Approved a year ago for deadly non-small-cell lung cancer, Iressa causes
tumors to shrink significantly in a small percentage of patients, but
some of those responses are rapid and dramatic. The drug acts by disabling
the epidermal growth factor receptor (EGFR) on the surface of lung cancer
cells, halting signals that can lead to the uncontrolled growth of a malignant
tumor. To understand why the drug worked so well for some patients but
not others, the MGH team screened samples from patients who participated
in an Iressa clinical trial to search for mutations in the EGFR gene.
In eight of nine patients that had responded to Iressa, the researchers
found genetic mutations affecting the same area of the EGFR protein. No
mutations were seen in patients that did not respond.

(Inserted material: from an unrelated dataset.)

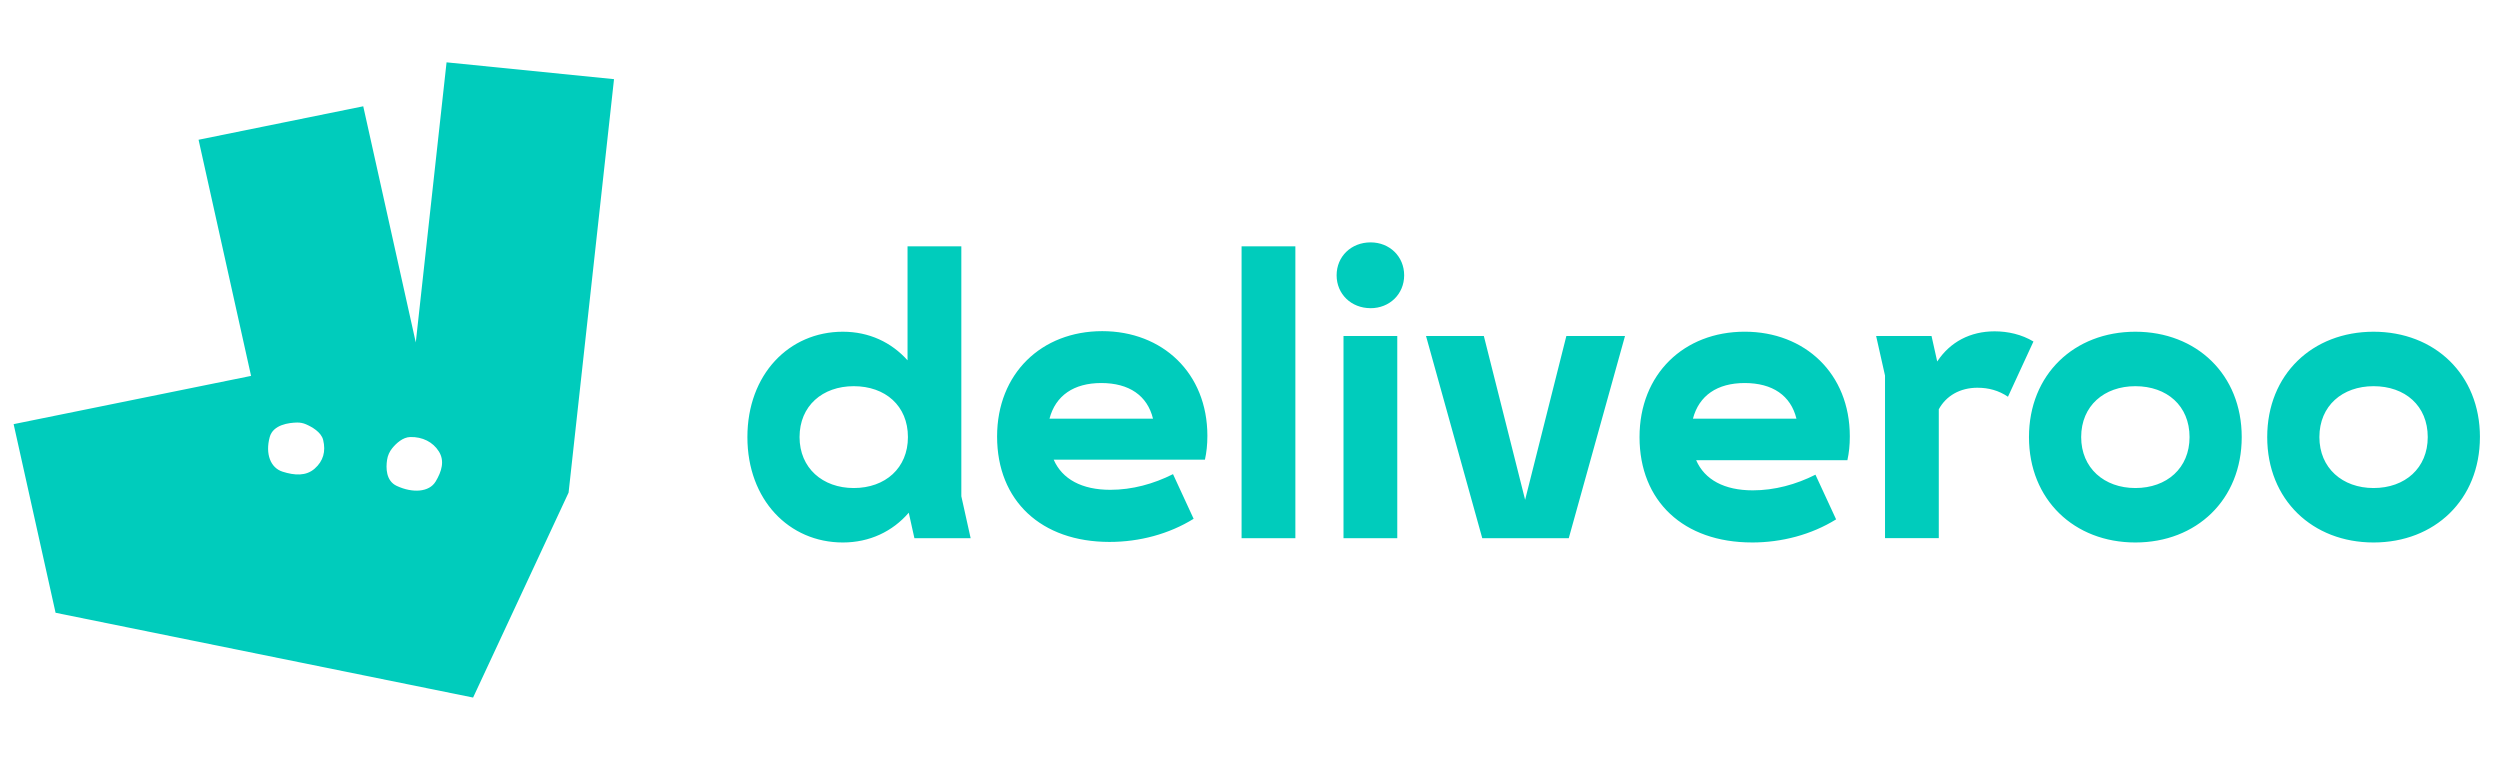 <svg width="122" height="37" viewBox="0 0 122 37" fill="none" xmlns="http://www.w3.org/2000/svg">
<path d="M44.623 26.263H47.367L46.913 24.217V12.02H44.288V17.583C43.498 16.704 42.413 16.188 41.13 16.188C38.505 16.188 36.473 18.271 36.473 21.331C36.473 24.39 38.505 26.473 41.13 26.473C42.433 26.473 43.557 25.938 44.347 25.02L44.623 26.263ZM96.509 18.922C97.042 18.922 97.535 19.055 97.989 19.361L99.232 16.666C98.659 16.321 97.989 16.169 97.338 16.169C96.153 16.169 95.167 16.683 94.536 17.641L94.259 16.397H91.555L91.989 18.328V26.261H94.613V19.973C94.968 19.322 95.639 18.921 96.508 18.921V18.922H96.509ZM104.205 23.816C102.687 23.816 101.561 22.841 101.561 21.33C101.561 19.801 102.687 18.846 104.205 18.846C105.745 18.846 106.85 19.801 106.85 21.33C106.85 22.841 105.745 23.816 104.205 23.816ZM39.018 21.33C39.018 19.801 40.143 18.846 41.662 18.846C43.203 18.846 44.307 19.801 44.307 21.33C44.307 22.841 43.203 23.816 41.663 23.816C40.144 23.816 39.018 22.841 39.018 21.33ZM115.83 23.816C114.311 23.816 113.186 22.841 113.186 21.33C113.186 19.801 114.311 18.846 115.83 18.846C117.369 18.846 118.474 19.801 118.474 21.33C118.474 22.841 117.369 23.816 115.83 23.816ZM53.741 18.692C55.103 18.692 55.991 19.304 56.267 20.432H51.215C51.511 19.304 52.4 18.692 53.741 18.692ZM85.14 18.692C86.503 18.692 87.391 19.304 87.667 20.432H82.615C82.911 19.304 83.799 18.692 85.141 18.692H85.14ZM72.333 26.263H76.556L79.3 16.398H76.438L74.426 24.39L72.412 16.398H69.59L72.334 26.263L72.333 26.263ZM65.563 26.263H68.187V16.398H65.563V26.263ZM54.144 26.446C55.605 26.446 57.045 26.063 58.249 25.317L57.243 23.138C56.295 23.616 55.249 23.903 54.183 23.903C52.802 23.903 51.835 23.387 51.42 22.431H58.801C58.88 22.068 58.92 21.705 58.92 21.265C58.92 18.206 56.73 16.16 53.789 16.16C50.829 16.16 48.658 18.225 48.658 21.303C48.658 24.438 50.809 26.446 54.144 26.446H54.144ZM121.021 21.33C121.021 18.271 118.81 16.188 115.83 16.188C112.85 16.188 110.64 18.271 110.64 21.33C110.64 24.39 112.85 26.473 115.83 26.473C118.81 26.473 121.02 24.39 121.02 21.33H121.021ZM85.496 26.473C86.956 26.473 88.397 26.091 89.602 25.345L88.594 23.165C87.647 23.643 86.601 23.929 85.535 23.929C84.154 23.929 83.187 23.414 82.772 22.457H90.153C90.232 22.094 90.271 21.731 90.271 21.291C90.271 18.232 88.081 16.187 85.14 16.187C82.18 16.187 80.009 18.251 80.009 21.329C80.009 24.465 82.161 26.472 85.496 26.472V26.473H85.496ZM104.205 26.473C107.186 26.473 109.396 24.39 109.396 21.33C109.396 18.271 107.185 16.188 104.205 16.188C101.225 16.188 99.014 18.271 99.014 21.33C99.014 24.39 101.225 26.473 104.205 26.473H104.205ZM60.59 26.263H63.214V12.02H60.589V26.263H60.59ZM66.885 15.04C67.812 15.04 68.523 14.351 68.523 13.434C68.523 12.516 67.813 11.828 66.885 11.828C65.938 11.828 65.227 12.516 65.227 13.434C65.227 14.351 65.939 15.039 66.886 15.039L66.885 15.04ZM21.792 3.042L20.29 16.711L17.726 5.187L9.69 6.82L12.252 18.344L0.665 20.698L2.712 29.903L23.087 34.041L27.747 24.039L29.964 3.863L21.791 3.042L21.792 3.042V3.042ZM15.354 22.871C14.934 23.239 14.379 23.205 13.789 23.018C13.201 22.831 12.939 22.151 13.162 21.329C13.328 20.718 14.11 20.627 14.501 20.62C14.649 20.618 14.796 20.646 14.931 20.705C15.207 20.824 15.675 21.08 15.77 21.469C15.907 22.031 15.775 22.502 15.355 22.87H15.354V22.871L15.354 22.871ZM21.253 23.506C20.948 24.012 20.146 24.079 19.358 23.711C18.827 23.462 18.831 22.828 18.889 22.442C18.92 22.232 19.009 22.033 19.146 21.866C19.336 21.636 19.653 21.337 20.019 21.327C20.614 21.312 21.127 21.568 21.416 22.03C21.706 22.49 21.561 22.998 21.255 23.506H21.253Z" fill="#00CCBC"/>
</svg>

Further tests confirmed
that cultured cells with two of the mutations responded more powerfully
and for a longer time to growth factor and were 10 times more sensitive
to disruption by Iressa than were tumor cells without the mutation.
Thomas Lynch, MD, director of the MGH Thoracic Oncology Center and a co-lead
author of the paper, says, "These findings will help determine which
patients will benefit from Iressa and which should not receive it. In
addition, if we know a patient is likely to respond, we might be able
to start treatment earlier with this drug that is more effective and has
fewer side effects than standard chemotherapy."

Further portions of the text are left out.